===== SUPPLIED DATA =====

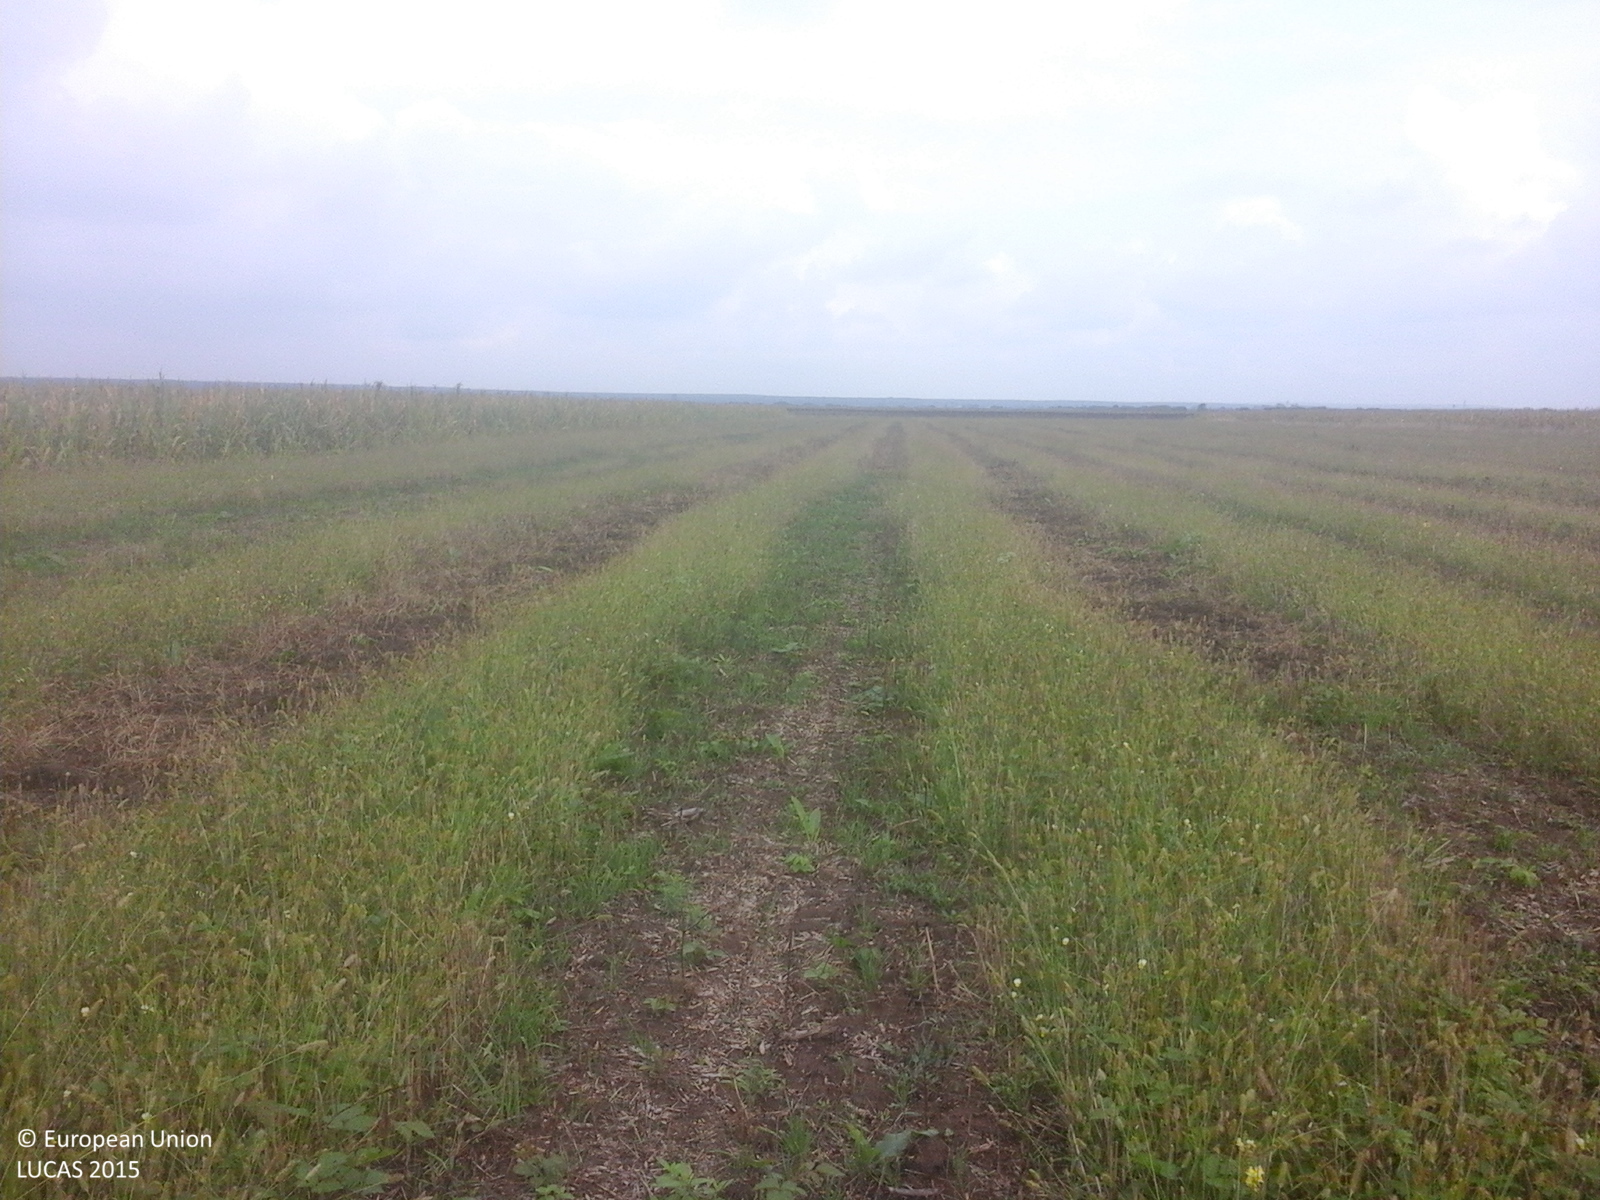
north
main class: Cropland
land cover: Common wheat
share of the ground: 10 - 25 %
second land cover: Spontaneously vegetated surfaces
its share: 25 - 50 %
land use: Agriculture (excluding fallow land and kitchen gardens)
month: September
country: RO
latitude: 46.7643
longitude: 21.8411
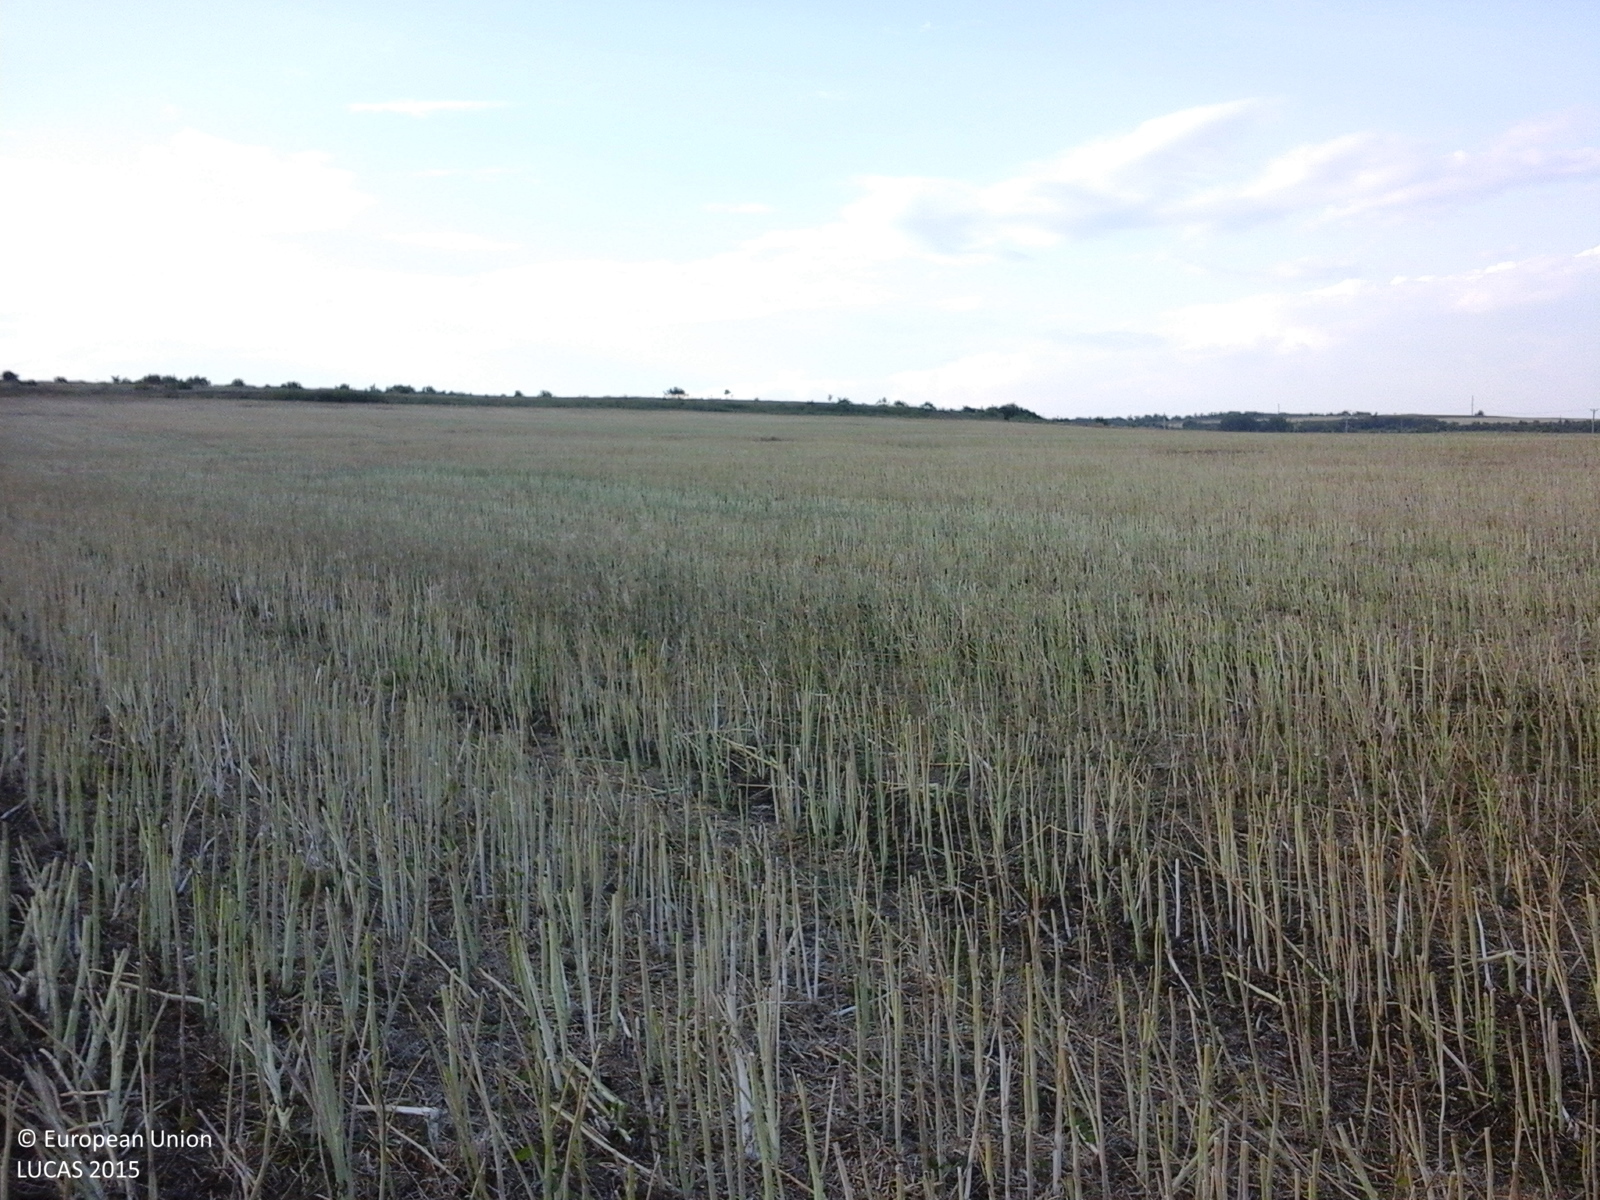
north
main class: Cropland
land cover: Rape and turnip rape
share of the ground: < 10 %
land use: Agriculture (excluding fallow land and kitchen gardens)
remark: Harvested field
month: July
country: RO
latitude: 43.9128
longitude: 25.8463

=====

_ASSIGNMENT:_
Repeat word for word the lines beginning at the one with "land cover: Common wheat" and ending at the final line of the records above, both included, and no others. Leave the pictures out.

_ANSWER TO THE EXERCISE:_
land cover: Common wheat
share of the ground: 10 - 25 %
second land cover: Spontaneously vegetated surfaces
its share: 25 - 50 %
land use: Agriculture (excluding fallow land and kitchen gardens)
month: September
country: RO
latitude: 46.7643
longitude: 21.8411
north
main class: Cropland
land cover: Rape and turnip rape
share of the ground: < 10 %
land use: Agriculture (excluding fallow land and kitchen gardens)
remark: Harvested field
month: July
country: RO
latitude: 43.9128
longitude: 25.8463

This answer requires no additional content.